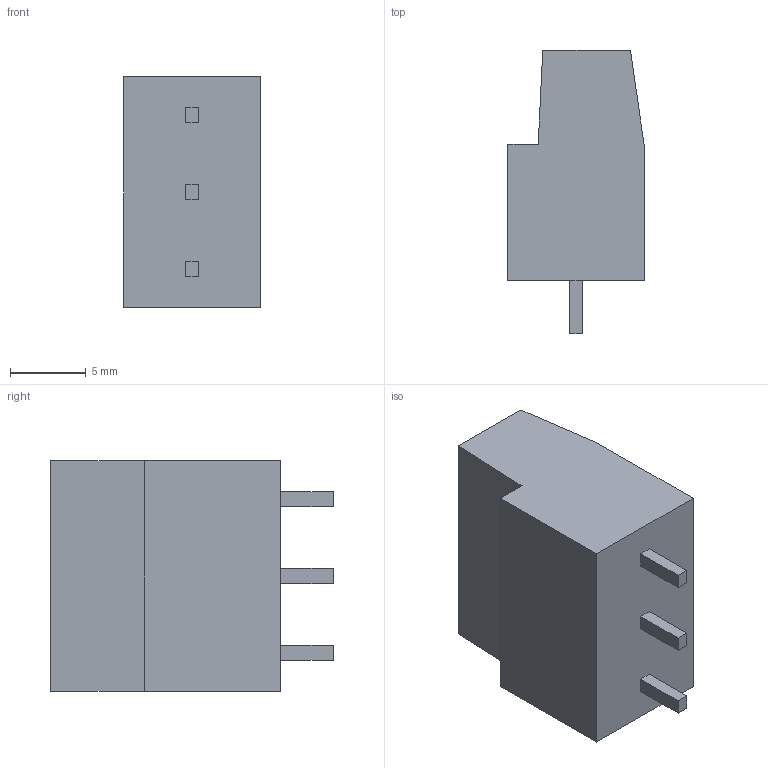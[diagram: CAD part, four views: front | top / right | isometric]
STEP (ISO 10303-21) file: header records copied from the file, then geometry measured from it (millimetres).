
FILE_DESCRIPTION (( 'STEP AP214' ), '1' );
FILE_NAME ('User Library-3 Way PCB Screw Terminal Block 5.08mm.STEP', '2018-12-18T07:29:48', ( '' ), ( '' ), 'SwSTEP 2.0', 'SolidWorks 2018', '' );
FILE_SCHEMA (( 'AUTOMOTIVE_DESIGN' ));
Length unit declared in the file: millimetre
Products named in the file (1): User Library-3 Way PCB Screw Terminal Block 5.08mm
Bounding box: 9 x 18.7 x 15.24 mm (x, y, z)
Volume: 1582.1 mm3; surface area: 1811.3 mm2
Topology: 1 solids, 1 shells, 105 faces, 261 edges, 170 vertices
Faces by surface type: plane 93, cylinder 12
Entity records: 3109 total; most frequent: CARTESIAN_POINT 537, ORIENTED_EDGE 522, DIRECTION 509, EDGE_CURVE 261, VECTOR 225, LINE 225, VERTEX_POINT 170, AXIS2_PLACEMENT_3D 142

________________

ASSIGNED TASK:
Apart from the images, every line above needs to be printed again exactly.

TASK RESULT:
[diagram: CAD part, four views: front | top / right | isometric]
STEP (ISO 10303-21) file: header records copied from the file, then geometry measured from it (millimetres).
FILE_DESCRIPTION (( 'STEP AP214' ), '1' );
FILE_NAME ('User Library-3 Way PCB Screw Terminal Block 5.08mm.STEP', '2018-12-18T07:29:48', ( '' ), ( '' ), 'SwSTEP 2.0', 'SolidWorks 2018', '' );
FILE_SCHEMA (( 'AUTOMOTIVE_DESIGN' ));
Length unit declared in the file: millimetre
Products named in the file (1): User Library-3 Way PCB Screw Terminal Block 5.08mm
Bounding box: 9 x 18.7 x 15.24 mm (x, y, z)
Volume: 1582.1 mm3; surface area: 1811.3 mm2
Topology: 1 solids, 1 shells, 105 faces, 261 edges, 170 vertices
Faces by surface type: plane 93, cylinder 12
Entity records: 3109 total; most frequent: CARTESIAN_POINT 537, ORIENTED_EDGE 522, DIRECTION 509, EDGE_CURVE 261, VECTOR 225, LINE 225, VERTEX_POINT 170, AXIS2_PLACEMENT_3D 142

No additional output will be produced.